• _About this task_: Below are some records; repeat them all exactly, minus the pictures.
Record set Block Start
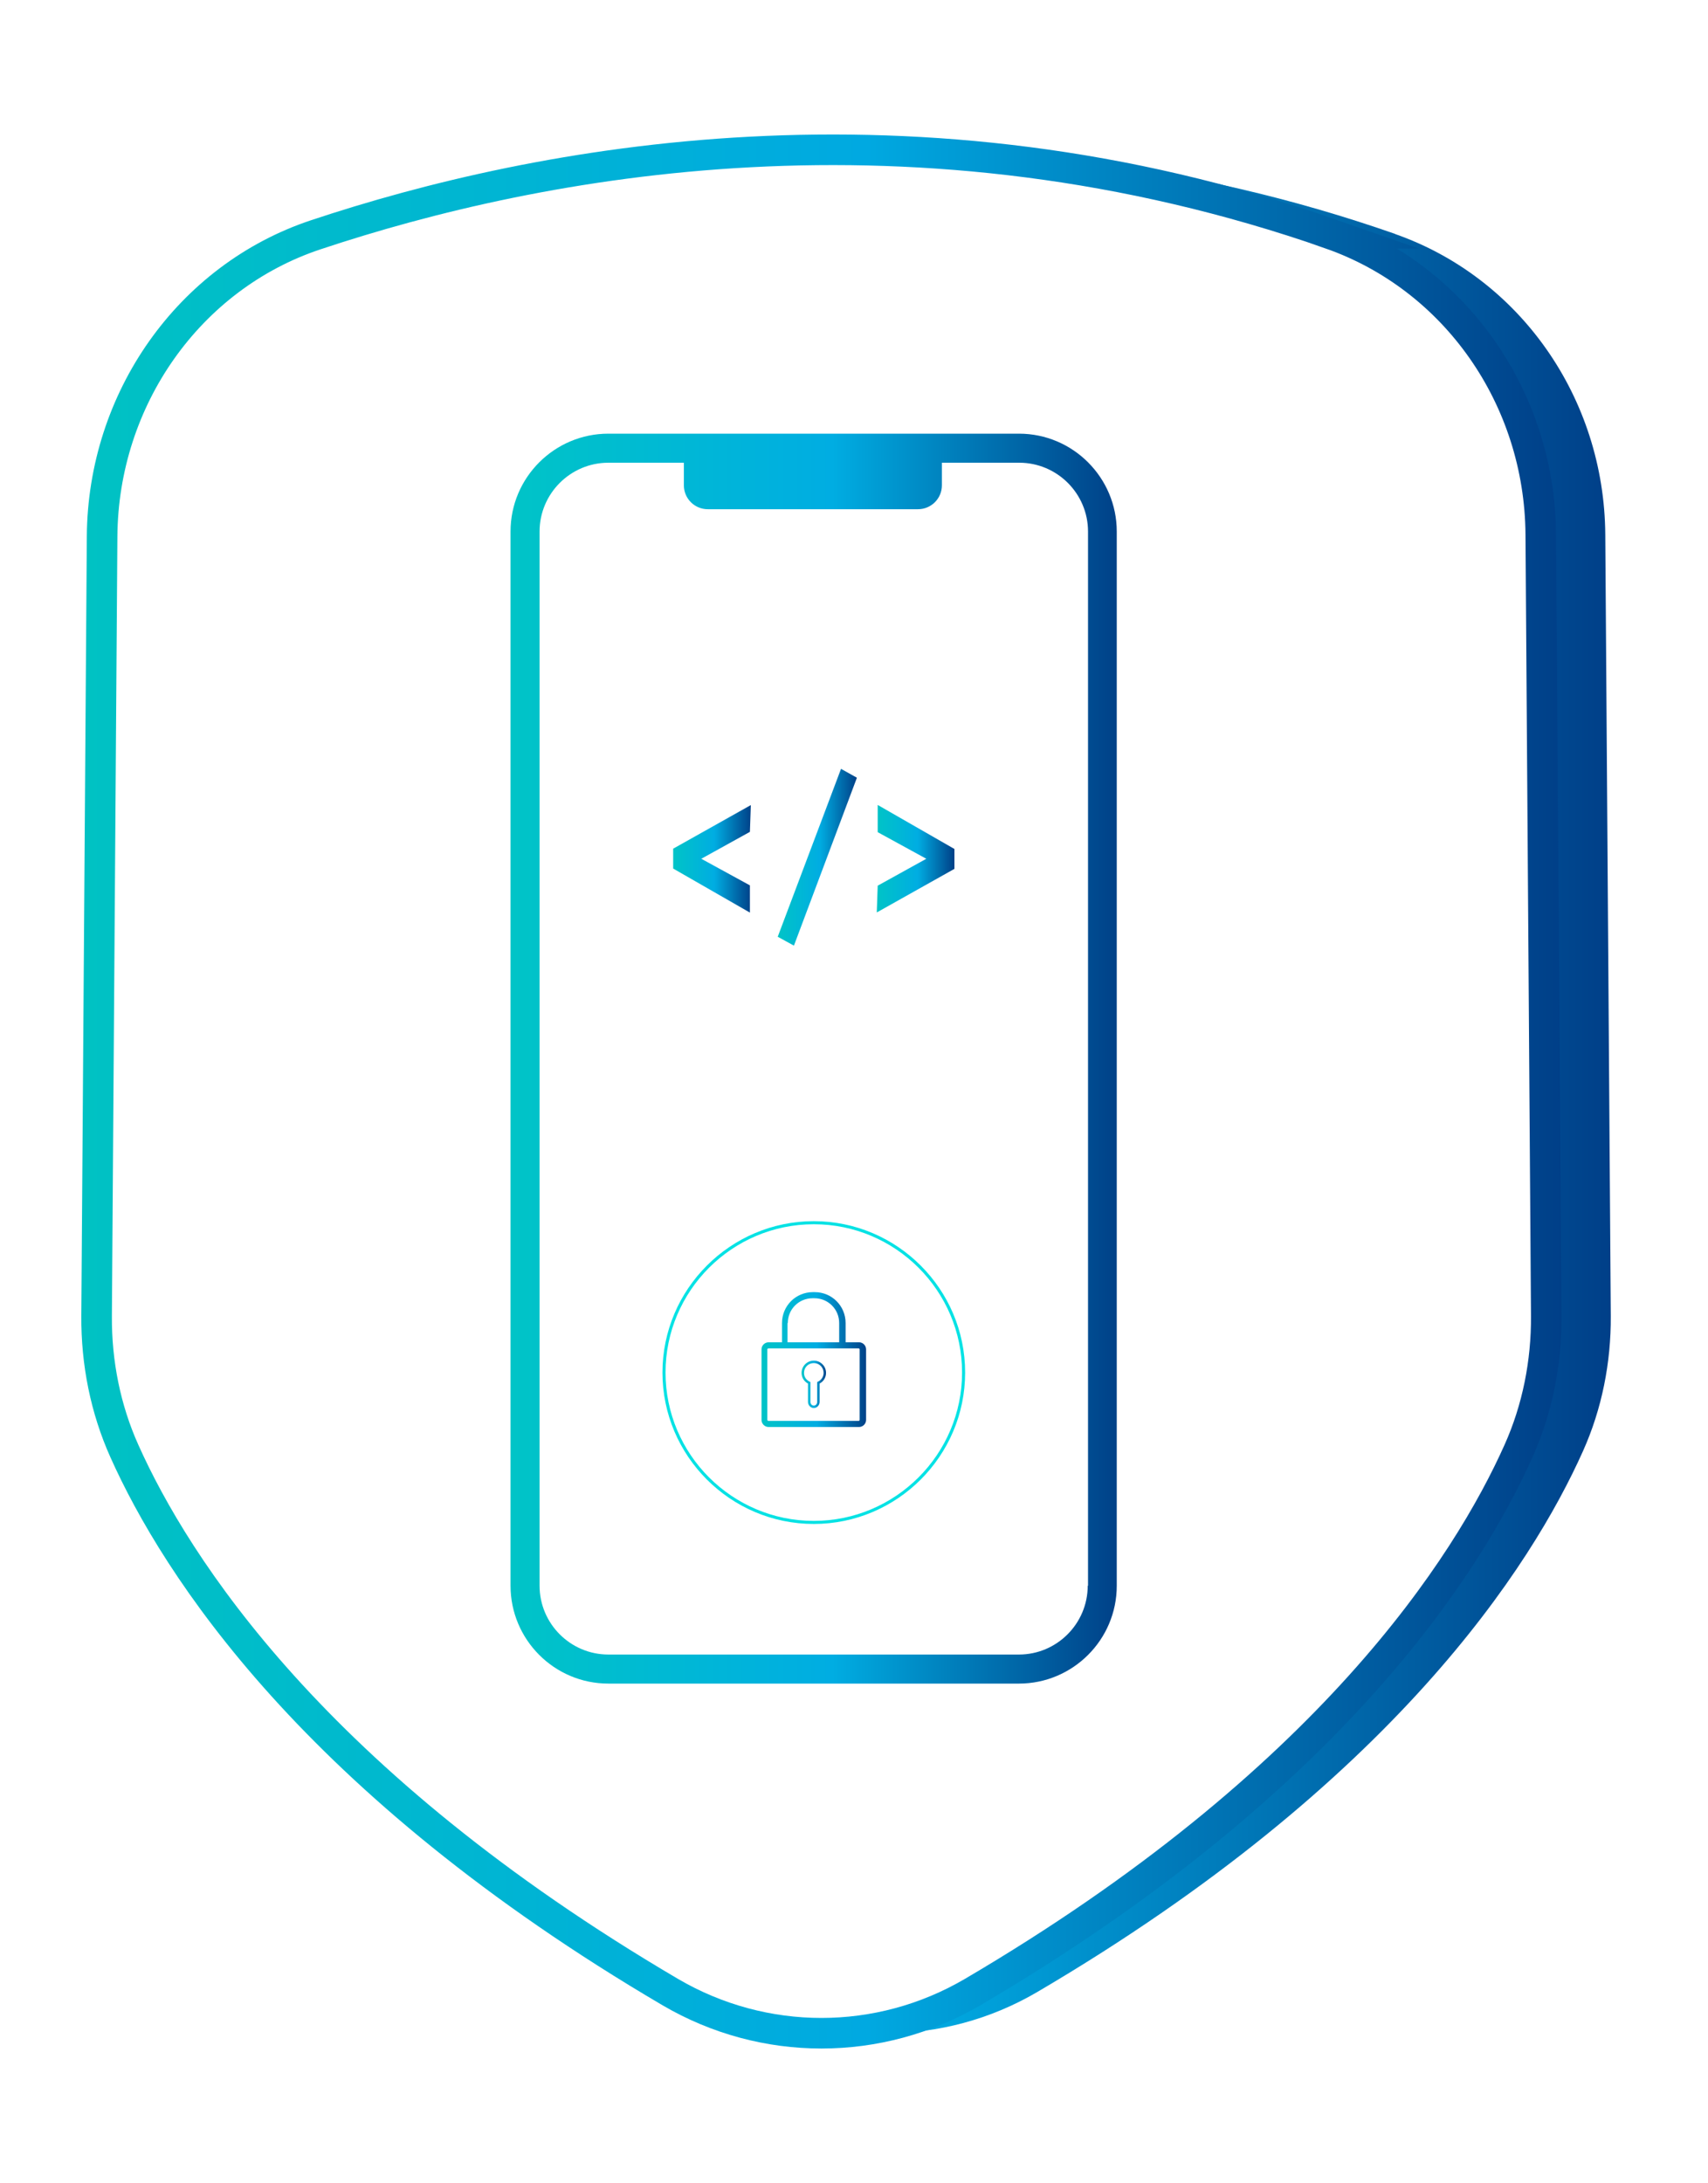 <?xml version="1.0" encoding="UTF-8"?>
<svg id="Layer_1" data-name="Layer 1" xmlns="http://www.w3.org/2000/svg" xmlns:xlink="http://www.w3.org/1999/xlink" viewBox="0 0 55.87 71.39">
  <defs>
    <style>
      .cls-1 {
        fill: url(#linear-gradient);
      }

      .cls-1, .cls-2, .cls-3, .cls-4, .cls-5, .cls-6, .cls-7, .cls-8 {
        stroke-width: 0px;
      }

      .cls-9 {
        stroke: url(#linear-gradient-2);
      }

      .cls-9, .cls-10 {
        fill: #fff;
        stroke-miterlimit: 10;
      }

      .cls-10 {
        filter: url(#outer-glow-1);
        stroke: #00e2e4;
        stroke-width: .1px;
      }

      .cls-2 {
        fill: url(#linear-gradient-4);
      }

      .cls-3 {
        fill: url(#linear-gradient-3);
      }

      .cls-4 {
        fill: url(#linear-gradient-8);
      }

      .cls-5 {
        fill: url(#linear-gradient-7);
      }

      .cls-6 {
        fill: url(#linear-gradient-5);
      }

      .cls-7 {
        fill: url(#linear-gradient-6);
      }
    </style>
    <linearGradient id="linear-gradient" x1="5.27" y1="35.69" x2="52.7" y2="35.69" gradientUnits="userSpaceOnUse">
      <stop offset="0" stop-color="#00c2c3"/>
      <stop offset=".53" stop-color="#00a9e1"/>
      <stop offset="1" stop-color="#003f88"/>
    </linearGradient>
    <linearGradient id="linear-gradient-2" x1="2.66" x2="51.1" xlink:href="#linear-gradient"/>
    <linearGradient id="linear-gradient-3" x1="28.68" y1="28.08" x2="31.21" y2="28.08" gradientUnits="userSpaceOnUse">
      <stop offset="0" stop-color="#00c4c7"/>
      <stop offset=".53" stop-color="#00ade2"/>
      <stop offset="1" stop-color="#004188"/>
    </linearGradient>
    <linearGradient id="linear-gradient-4" x1="22.02" x2="24.56" xlink:href="#linear-gradient-3"/>
    <linearGradient id="linear-gradient-5" x1="25.44" y1="28.02" x2="28.03" y2="28.02" xlink:href="#linear-gradient-3"/>
    <linearGradient id="linear-gradient-6" x1="-142.2" y1="193.52" x2="-122.38" y2="193.52" gradientTransform="translate(158.91 -158.91)" xlink:href="#linear-gradient-3"/>
    <filter id="outer-glow-1" filterUnits="userSpaceOnUse">
      <feOffset dx="0" dy="0"/>
      <feGaussianBlur result="blur" stdDeviation="1.04"/>
      <feFlood flood-color="#00cacc" flood-opacity=".25"/>
      <feComposite in2="blur" operator="in"/>
      <feComposite in="SourceGraphic"/>
    </filter>
    <linearGradient id="linear-gradient-7" x1="24.91" y1="44.45" x2="28.33" y2="44.45" xlink:href="#linear-gradient-3"/>
    <linearGradient id="linear-gradient-8" x1="26.22" y1="45.27" x2="27.02" y2="45.27" xlink:href="#linear-gradient-3"/>
  </defs>
  <g>
    <path class="cls-1" d="m45.64,7.65c-13.63-4.76-25.92-2.4-33.21.03-4.14,1.38-6.95,5.37-6.98,9.86l-.18,25.49c-.01,1.53.29,3.04.91,4.42,1.67,3.73,6.19,10.84,17.86,17.69,3.06,1.79,6.82,1.79,9.88,0,11.67-6.85,16.19-13.96,17.86-17.69.62-1.38.92-2.9.91-4.42l-.18-25.55c-.03-4.46-2.79-8.4-6.88-9.83Z"/>
    <path class="cls-9" d="m43.53,7.65c-13.63-4.76-25.92-2.4-33.21.03-4.14,1.38-6.95,5.37-6.98,9.86l-.18,25.49c-.01,1.53.29,3.04.91,4.42,1.67,3.73,6.19,10.84,17.86,17.69,3.06,1.79,6.82,1.79,9.88,0,11.67-6.85,16.19-13.96,17.86-17.69.62-1.38.92-2.9.91-4.42l-.18-25.55c-.03-4.46-2.79-8.4-6.88-9.83Z"/>
  </g>
  <polygon class="cls-8" points="21.04 29.53 21.04 29.53 21.04 29.53 21.04 29.53"/>
  <g>
    <g>
      <path class="cls-3" d="m28.68,29.83l.03-.87,1.59-.88-1.59-.87v-.89s2.51,1.44,2.51,1.44v.65s-2.53,1.42-2.53,1.42Z"/>
      <path class="cls-2" d="m24.56,26.33l-.03.87-1.59.88,1.59.87v.89s-2.51-1.44-2.51-1.44v-.65s2.53-1.42,2.53-1.42Z"/>
      <path class="cls-6" d="m25.97,30.92l-.53-.29,2.07-5.49.52.29-2.06,5.49Z"/>
    </g>
    <path class="cls-7" d="m33.33,14.18h-13.43c-1.76,0-3.2,1.43-3.2,3.2v34.47c0,1.76,1.43,3.2,3.2,3.2h13.43c1.76,0,3.2-1.43,3.2-3.2V17.38c0-1.76-1.43-3.2-3.2-3.2Zm2.25,37.67c0,1.24-1.01,2.25-2.25,2.25h-13.43c-1.24,0-2.25-1.01-2.25-2.25V17.38c0-1.24,1.01-2.25,2.25-2.25h2.47v.74c0,.43.35.78.78.78h6.88c.43,0,.78-.35.78-.78v-.74h2.53c1.24,0,2.25,1.01,2.25,2.25v34.47Z"/>
    <path class="cls-10" d="m26.62,49.78c-2.7,0-4.9-2.2-4.9-4.9s2.2-4.9,4.9-4.9,4.9,2.2,4.9,4.9-2.2,4.9-4.9,4.9Z"/>
    <g>
      <path class="cls-5" d="m28.1,43.89h-.44v-.63c0-.56-.45-1.01-1.01-1.01h-.06c-.56,0-1.01.45-1.01,1.01v.63h-.44c-.12,0-.23.1-.23.23v2.31c0,.12.1.23.23.23h2.96c.12,0,.23-.1.23-.23v-2.31c0-.12-.1-.23-.23-.23Zm-2.33-.63c0-.45.36-.81.81-.81h.06c.45,0,.81.36.81.81v.63h-1.69v-.63Zm2.35,3.17s-.01.03-.03.03h-2.96s-.03-.01-.03-.03v-2.31s.01-.03.03-.03h2.96s.03.01.03.03v2.31Z"/>
      <path class="cls-4" d="m26.62,44.49c-.22,0-.4.18-.4.4,0,.15.08.28.21.35v.6c0,.11.09.2.19.2s.19-.09.19-.2v-.6c.13-.07.21-.2.21-.35,0-.22-.18-.4-.4-.4Zm.15.68l-.04.02v.65c0,.07-.05.12-.11.12s-.11-.05-.11-.12v-.65l-.04-.02c-.11-.06-.17-.16-.17-.28,0-.18.14-.32.32-.32s.32.14.32.32c0,.12-.07.23-.17.28Z"/>
    </g>
  </g>
</svg>
Record set Block End
• _Response to the task_:
 <?xml version="1.0" encoding="UTF-8"?>
<svg id="Layer_1" data-name="Layer 1" xmlns="http://www.w3.org/2000/svg" xmlns:xlink="http://www.w3.org/1999/xlink" viewBox="0 0 55.87 71.39">
  <defs>
    <style>
      .cls-1 {
        fill: url(#linear-gradient);
      }

      .cls-1, .cls-2, .cls-3, .cls-4, .cls-5, .cls-6, .cls-7, .cls-8 {
        stroke-width: 0px;
      }

      .cls-9 {
        stroke: url(#linear-gradient-2);
      }

      .cls-9, .cls-10 {
        fill: #fff;
        stroke-miterlimit: 10;
      }

      .cls-10 {
        filter: url(#outer-glow-1);
        stroke: #00e2e4;
        stroke-width: .1px;
      }

      .cls-2 {
        fill: url(#linear-gradient-4);
      }

      .cls-3 {
        fill: url(#linear-gradient-3);
      }

      .cls-4 {
        fill: url(#linear-gradient-8);
      }

      .cls-5 {
        fill: url(#linear-gradient-7);
      }

      .cls-6 {
        fill: url(#linear-gradient-5);
      }

      .cls-7 {
        fill: url(#linear-gradient-6);
      }
    </style>
    <linearGradient id="linear-gradient" x1="5.27" y1="35.69" x2="52.7" y2="35.69" gradientUnits="userSpaceOnUse">
      <stop offset="0" stop-color="#00c2c3"/>
      <stop offset=".53" stop-color="#00a9e1"/>
      <stop offset="1" stop-color="#003f88"/>
    </linearGradient>
    <linearGradient id="linear-gradient-2" x1="2.66" x2="51.1" xlink:href="#linear-gradient"/>
    <linearGradient id="linear-gradient-3" x1="28.68" y1="28.08" x2="31.21" y2="28.08" gradientUnits="userSpaceOnUse">
      <stop offset="0" stop-color="#00c4c7"/>
      <stop offset=".53" stop-color="#00ade2"/>
      <stop offset="1" stop-color="#004188"/>
    </linearGradient>
    <linearGradient id="linear-gradient-4" x1="22.02" x2="24.56" xlink:href="#linear-gradient-3"/>
    <linearGradient id="linear-gradient-5" x1="25.44" y1="28.02" x2="28.03" y2="28.02" xlink:href="#linear-gradient-3"/>
    <linearGradient id="linear-gradient-6" x1="-142.2" y1="193.52" x2="-122.38" y2="193.52" gradientTransform="translate(158.91 -158.91)" xlink:href="#linear-gradient-3"/>
    <filter id="outer-glow-1" filterUnits="userSpaceOnUse">
      <feOffset dx="0" dy="0"/>
      <feGaussianBlur result="blur" stdDeviation="1.04"/>
      <feFlood flood-color="#00cacc" flood-opacity=".25"/>
      <feComposite in2="blur" operator="in"/>
      <feComposite in="SourceGraphic"/>
    </filter>
    <linearGradient id="linear-gradient-7" x1="24.91" y1="44.45" x2="28.33" y2="44.45" xlink:href="#linear-gradient-3"/>
    <linearGradient id="linear-gradient-8" x1="26.22" y1="45.27" x2="27.02" y2="45.27" xlink:href="#linear-gradient-3"/>
  </defs>
  <g>
    <path class="cls-1" d="m45.64,7.65c-13.63-4.76-25.92-2.4-33.21.03-4.14,1.38-6.95,5.37-6.98,9.86l-.18,25.49c-.01,1.53.29,3.04.91,4.42,1.67,3.73,6.19,10.84,17.86,17.69,3.06,1.79,6.82,1.79,9.88,0,11.67-6.85,16.19-13.96,17.86-17.69.62-1.38.92-2.9.91-4.42l-.18-25.55c-.03-4.46-2.79-8.4-6.88-9.83Z"/>
    <path class="cls-9" d="m43.53,7.65c-13.63-4.76-25.92-2.4-33.21.03-4.14,1.38-6.95,5.37-6.98,9.86l-.18,25.49c-.01,1.53.29,3.04.91,4.42,1.67,3.73,6.19,10.84,17.86,17.69,3.06,1.79,6.82,1.79,9.88,0,11.67-6.85,16.19-13.96,17.86-17.69.62-1.38.92-2.9.91-4.42l-.18-25.55c-.03-4.46-2.79-8.4-6.88-9.83Z"/>
  </g>
  <polygon class="cls-8" points="21.04 29.53 21.04 29.53 21.04 29.53 21.04 29.53"/>
  <g>
    <g>
      <path class="cls-3" d="m28.68,29.83l.03-.87,1.59-.88-1.59-.87v-.89s2.51,1.44,2.51,1.44v.65s-2.53,1.42-2.53,1.42Z"/>
      <path class="cls-2" d="m24.56,26.33l-.03.87-1.59.88,1.59.87v.89s-2.51-1.44-2.51-1.44v-.65s2.53-1.42,2.53-1.42Z"/>
      <path class="cls-6" d="m25.97,30.92l-.53-.29,2.07-5.49.52.29-2.06,5.49Z"/>
    </g>
    <path class="cls-7" d="m33.33,14.18h-13.43c-1.76,0-3.2,1.43-3.2,3.2v34.47c0,1.76,1.43,3.2,3.2,3.2h13.43c1.76,0,3.2-1.43,3.2-3.2V17.38c0-1.76-1.43-3.2-3.2-3.2Zm2.25,37.67c0,1.24-1.01,2.25-2.25,2.25h-13.43c-1.24,0-2.25-1.01-2.25-2.25V17.38c0-1.24,1.01-2.25,2.25-2.25h2.47v.74c0,.43.35.78.78.78h6.88c.43,0,.78-.35.78-.78v-.74h2.53c1.24,0,2.25,1.01,2.25,2.25v34.47Z"/>
    <path class="cls-10" d="m26.62,49.78c-2.7,0-4.9-2.2-4.9-4.9s2.2-4.9,4.9-4.9,4.9,2.2,4.9,4.9-2.2,4.9-4.9,4.9Z"/>
    <g>
      <path class="cls-5" d="m28.1,43.89h-.44v-.63c0-.56-.45-1.01-1.01-1.01h-.06c-.56,0-1.01.45-1.01,1.01v.63h-.44c-.12,0-.23.1-.23.23v2.31c0,.12.1.23.23.23h2.96c.12,0,.23-.1.23-.23v-2.31c0-.12-.1-.23-.23-.23Zm-2.33-.63c0-.45.36-.81.81-.81h.06c.45,0,.81.36.81.81v.63h-1.69v-.63Zm2.35,3.17s-.01.03-.03.03h-2.96s-.03-.01-.03-.03v-2.31s.01-.03.03-.03h2.96s.03.01.03.03v2.31Z"/>
      <path class="cls-4" d="m26.62,44.49c-.22,0-.4.18-.4.4,0,.15.08.28.21.35v.6c0,.11.09.2.19.2s.19-.09.19-.2v-.6c.13-.07.21-.2.21-.35,0-.22-.18-.4-.4-.4Zm.15.68l-.04.02v.65c0,.07-.05.12-.11.12s-.11-.05-.11-.12v-.65l-.04-.02c-.11-.06-.17-.16-.17-.28,0-.18.14-.32.32-.32s.32.14.32.32c0,.12-.07.23-.17.28Z"/>
    </g>
  </g>
</svg>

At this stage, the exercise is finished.